Entrare nel Dancing, con la sua enorme mole di ricordi, mi ha fatto tornare in mente una storia che trovai in rete qualche tempo fa: fra 100 anni saremo tutti morti e sepolti. Fra i nostri discendenti nessuno saprà chi eravamo e nessuno si ricorderà di noi. Tutte le nostre proprietà e le nostre cose saranno di sconosciuti, che non sono ancora nati. E tutto questo insieme di oggetti, prezioso per alcuni, per il resto del mondo è semplicemente confusione: non mi ha lasciato sensazioni positive, mi ha fatto pensare che il tempo scorre velocemente e che tutto quello che oggi conserviamo domani sparirà nel nulla. Anche il Dancing Paradiso, nonostante una storia gloriosa, è diventato un’inutile accozzaglia di oggetti, alcuni orrendamente kitsch, e il tempo riuscirà a cancellare anche questo angolo di mondo destinato a scomparire, scusate la citazione, come lacrime nella pioggia.
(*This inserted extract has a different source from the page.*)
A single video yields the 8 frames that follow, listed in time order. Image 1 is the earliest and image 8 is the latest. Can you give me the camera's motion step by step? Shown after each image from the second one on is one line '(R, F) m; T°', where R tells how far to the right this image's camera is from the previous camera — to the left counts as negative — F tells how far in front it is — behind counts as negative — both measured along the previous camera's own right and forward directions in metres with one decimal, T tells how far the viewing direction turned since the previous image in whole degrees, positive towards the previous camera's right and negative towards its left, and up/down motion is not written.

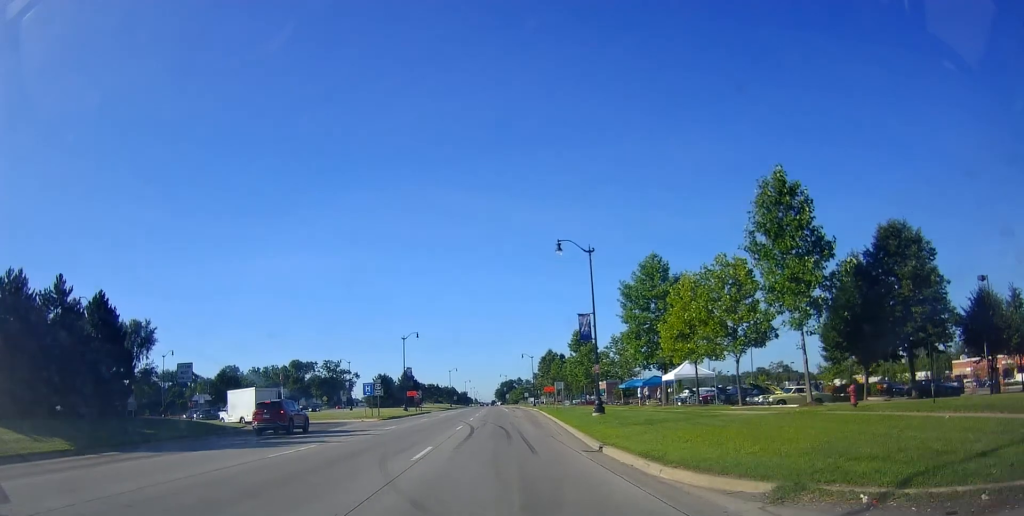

Ammetto di aver qualche sintomo di distacco dai sentimenti, ma non credo di essere un replicante come Roy Batty: eppure nonostante fra queste pareti si siano raccontate storie d’amore, di amicizia, di vita, di tempo passato insieme, nonostante ci sia un intreccio di emozioni forti (anche senza andare vicino alle porte di Tannhäuser), anche il Dancing Paradiso è giunto al termine vita. Peccato, ma anche no: qualche volta forse è meglio non guardare indietro.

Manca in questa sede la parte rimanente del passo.